Free Republic
Browse · Search
News/Activism
Topics · Post Article

To: kjvail
Still reading this piece, but a comment on the following:
There is no recognition that the natural order in education means that the state has nothing to do with it. Education is entirely a family matter and ought to be produced and distributed in cooperative arrangements within the framework of the market economy.

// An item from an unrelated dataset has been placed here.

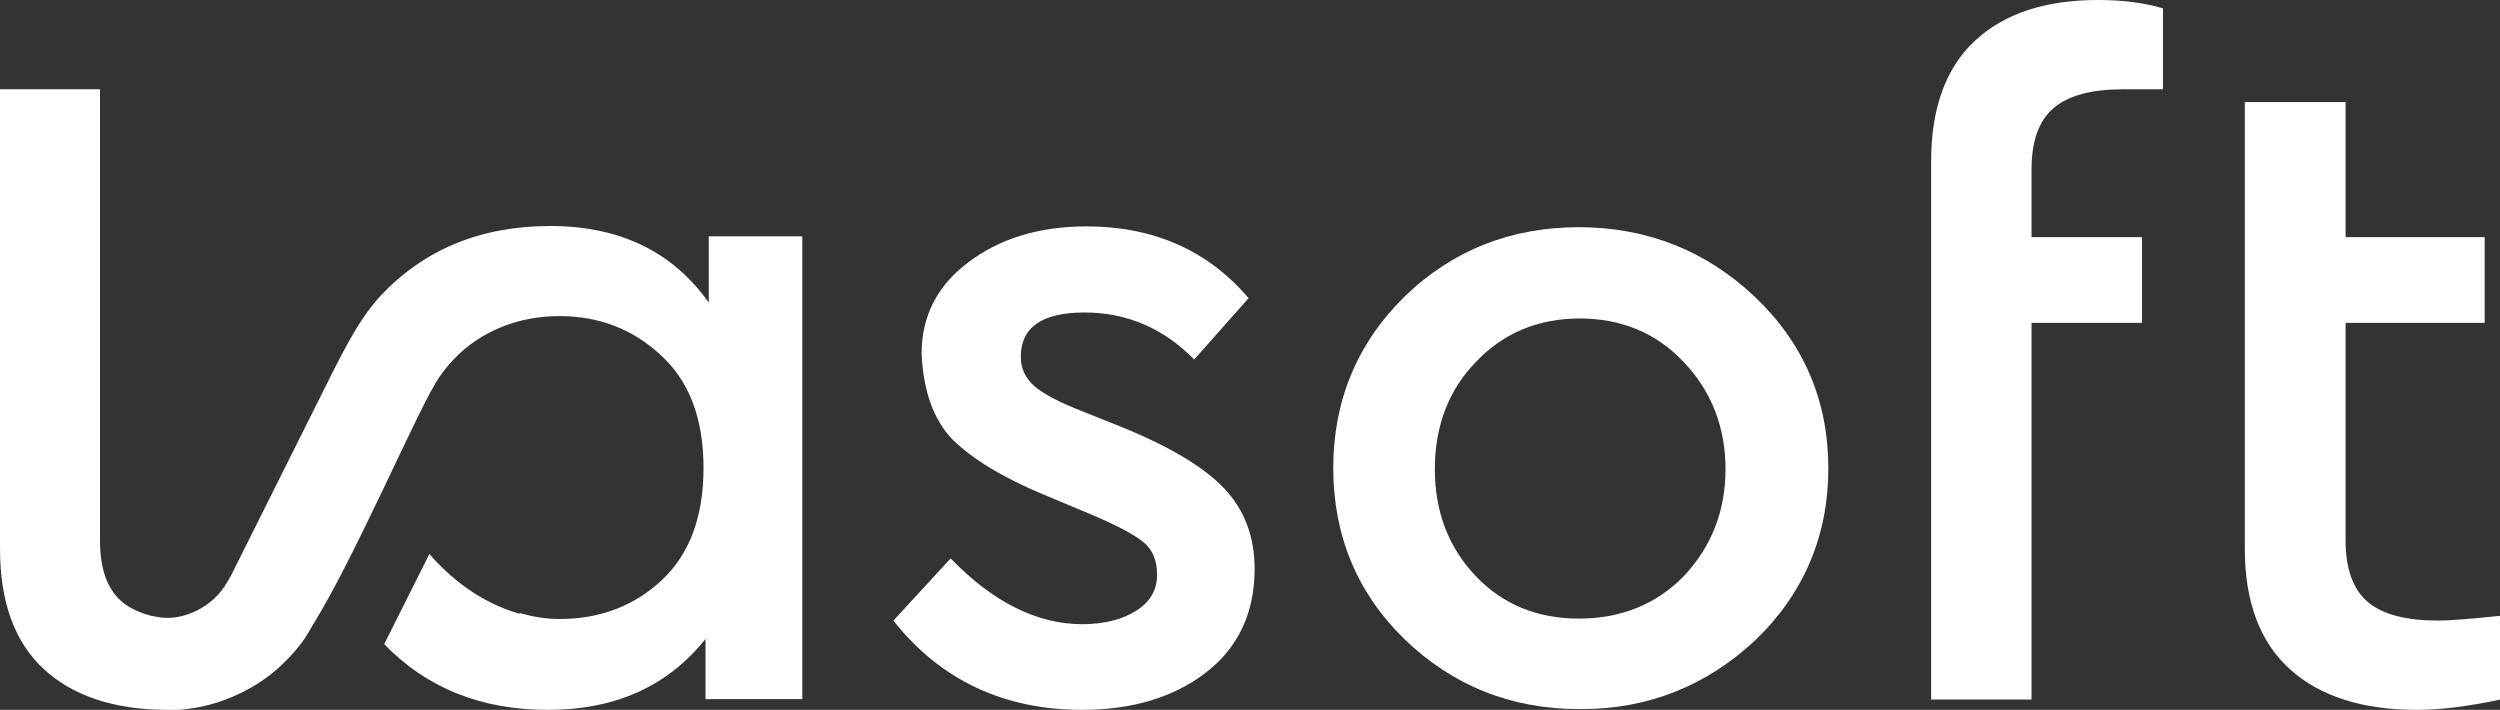 <?xml version="1.0" encoding="UTF-8"?> <svg xmlns="http://www.w3.org/2000/svg" width="162" height="46" viewBox="0 0 162 46" fill="none"><rect x="0" y="0" width="162" height="46" fill="#333333" stroke="none"/> <g clip-path="url(#clip0)"> <path d="M70.119 46C65.051 46 60.923 44.063 57.893 40.215L61.602 36.185C64.345 39.026 67.219 40.447 70.119 40.447C71.504 40.447 72.679 40.163 73.594 39.595C74.508 39.026 74.978 38.252 74.978 37.27C74.978 36.314 74.691 35.617 74.09 35.126C73.489 34.636 72.366 34.041 70.72 33.344L67.637 32.053C65.025 30.968 63.013 29.754 61.707 28.463C60.479 27.171 59.826 25.312 59.721 22.91C59.721 20.482 60.74 18.493 62.752 16.995C64.79 15.445 67.376 14.67 70.406 14.67C74.743 14.67 78.27 16.22 80.909 19.32L77.382 23.297C75.422 21.282 73.019 20.249 70.276 20.249C67.533 20.249 66.148 21.205 66.148 23.116C66.148 23.891 66.462 24.537 67.036 25.027C67.637 25.544 68.682 26.087 70.145 26.655L73.045 27.817C75.945 29.031 78.087 30.322 79.367 31.691C80.647 33.06 81.3 34.791 81.3 36.857C81.3 39.724 80.229 41.997 78.087 43.624C76.023 45.199 73.332 46 70.119 46Z" fill="white"></path> <path d="M102.305 45.948C97.916 45.948 94.128 44.425 91.019 41.428C87.936 38.432 86.395 34.687 86.395 30.322C86.395 25.957 87.962 22.212 91.019 19.216C94.102 16.22 97.916 14.722 102.305 14.722C106.72 14.722 110.56 16.246 113.721 19.242C116.882 22.238 118.476 25.983 118.476 30.348C118.476 34.713 116.882 38.484 113.721 41.506C110.56 44.45 106.798 45.948 102.488 45.948H102.305ZM102.357 20.637C99.666 20.637 97.393 21.593 95.643 23.452C93.893 25.234 92.978 27.585 92.978 30.4C92.978 33.163 93.867 35.488 95.643 37.348C97.393 39.181 99.64 40.085 102.305 40.085C105.048 40.085 107.321 39.156 109.097 37.348C110.9 35.436 111.814 33.112 111.814 30.4C111.814 27.688 110.9 25.338 109.097 23.452C107.321 21.567 105.048 20.637 102.357 20.637Z" fill="white"></path> <path d="M156.618 46C153.091 46 150.322 45.122 148.389 43.365C146.456 41.635 145.463 39 145.463 35.565V6.612H151.994V15.368H161.007V20.921H151.994V35.023C151.994 36.882 152.49 38.225 153.457 39.026C154.424 39.827 155.939 40.214 158.003 40.214C158.708 40.214 160.041 40.111 162.026 39.904V45.328C159.858 45.793 158.055 46 156.618 46Z" fill="white"></path> <path d="M125.138 45.328V10.435C125.138 6.999 126.105 4.365 127.986 2.634C129.867 0.878 132.531 0 135.954 0C137.547 0 138.958 0.181 140.16 0.542V5.786H137.573C135.562 5.786 134.073 6.173 133.106 6.974C132.139 7.774 131.643 9.117 131.643 10.977V15.368H138.801V20.921H131.643V45.328H125.138Z" fill="white"></path> <path d="M45.927 15.316V19.604C43.576 16.298 40.154 14.645 35.66 14.645C31.167 14.645 27.509 16.143 24.662 19.165C24.375 19.475 24.113 19.81 23.852 20.146C22.99 21.334 22.232 22.781 21.605 24.02L14.97 37.296C15.074 37.141 15.152 36.986 15.178 36.934C15.152 36.96 15.1 37.064 14.97 37.296C14.891 37.425 14.839 37.503 14.813 37.58C14.865 37.503 14.917 37.399 14.97 37.322L14.682 37.787C14.604 37.89 14.578 37.993 14.499 38.071C14.369 38.252 14.238 38.432 14.081 38.587C13.794 38.897 13.454 39.156 13.115 39.362C12.671 39.646 12.226 39.801 11.861 39.905C11.364 40.034 10.79 40.086 10.215 39.982C10.136 39.956 10.032 39.956 9.954 39.931C9.901 39.931 9.849 39.905 9.797 39.905C9.039 39.698 8.412 39.414 7.942 39.026C6.975 38.226 6.479 36.909 6.479 35.023V29.522V23.917V20.508V5.786H0V22.264V23.943V29.496V35.54C0 39.001 0.94 41.609 2.848 43.366C4.729 45.096 7.367 45.974 10.763 46V46.026H10.79C10.79 46.026 10.816 46.026 10.842 46.026C10.894 46.026 10.972 46.026 11.077 46.026C11.181 46.026 11.782 46 12.279 45.923C13.297 45.794 14.734 45.432 16.276 44.554C17.033 44.115 17.817 43.547 18.523 42.823C18.888 42.462 19.228 42.074 19.541 41.661C19.698 41.454 19.855 41.222 19.985 40.989L20.299 40.473C20.09 40.834 19.855 41.196 20.299 40.447C20.43 40.215 20.508 40.111 20.534 40.086C20.508 40.137 20.404 40.292 20.299 40.447C22.885 36.315 26.961 26.861 28.189 24.898V24.873C28.528 24.305 28.92 23.788 29.39 23.297C31.167 21.412 33.675 20.482 36.235 20.482C38.795 20.482 40.964 21.308 42.792 22.987C44.647 24.666 45.588 27.094 45.588 30.322C45.588 33.499 44.673 35.927 42.871 37.606C41.068 39.285 38.848 40.111 36.261 40.111C35.347 40.111 34.485 39.956 33.675 39.724V39.776C31.062 39.026 29.129 37.399 27.823 35.901L24.897 41.739C27.64 44.58 31.167 46 35.504 46C39.867 46 43.263 44.476 45.718 41.403V45.303H51.988V15.316H45.927Z" fill="white"></path> </g> <defs> <clipPath id="clip0"> <rect width="162" height="46" fill="white"></rect> </clipPath> </defs> </svg>

It's a confident claim, but one which would be difficult to substantiate. Since modern humans appeared, the social group has almost always been larger than the isolated, single family, and the social group has always had an interest in educating its young members in the ways of the group. The author is either wrong about what the 'natural order' is with respect to education, or else is using the words 'natural order' in an idiosyncratic way.

22 posted on 03/04/2005 5:45:26 AM PST by snarks_when_bored
[ Post Reply | Private Reply | To 1 | View Replies ]


To: snarks_when_bored
Since modern humans appeared, the social group has almost always been larger than the isolated, single family, and the social group has always had an interest in educating its young members in the ways of the group.

What is your definition of "modern humans" the last 50 years? The last hundred? The most basic social group has always been the family. All social group larger then a family were, until very recently, products of multiple and interrelated family groups. Again it is only until fairly recently that anything other then higher education or specialized training was done outside the home. How long have we had government run schools in this country? How long have their been government run schools globally?

26 posted on 03/04/2005 5:55:49 AM PST by Durus
[ Post Reply | Private Reply | To 22 | View Replies ]

To: snarks_when_bored

Dear snarks_when_bored,

I think that your criticism of Hoppe has some validity, although Hoppe acknowledges that the provision of education extends beyond the family. But Hoppe is right that in the natural order, the state has nothing to do with it.

Hoppe allows for involvement of entities outside the family when he says, "produced and distributed in cooperative arrangements within the framework of the market economy."

Where I think your criticism is valid is that Hoppe restricts the extra-familial involvement in education too narrowly, at least as I read it.

As a homeschooler, I can tell you that Hoppe has outlined approximately how we operate. Education is entirely our responsibility. And, we do engage in cooperative arrangements to further the education of our children. We buy a private curriculum, we buy other educational enhancements from other private and semi-private offerors.

But the language Hoppe uses seems to miss an important feature of our experience, which is the cooperative arrangements that are not really oriented toward the market economy. We do a lot of things with other homeschooling families that are not really "commercial" or "market-based" in conception, motivation, or practical application. I guess if you want to draw the definition of "markets" broadly enough, you could possibly include all these other activities, but to me, that's a mindless reductionism.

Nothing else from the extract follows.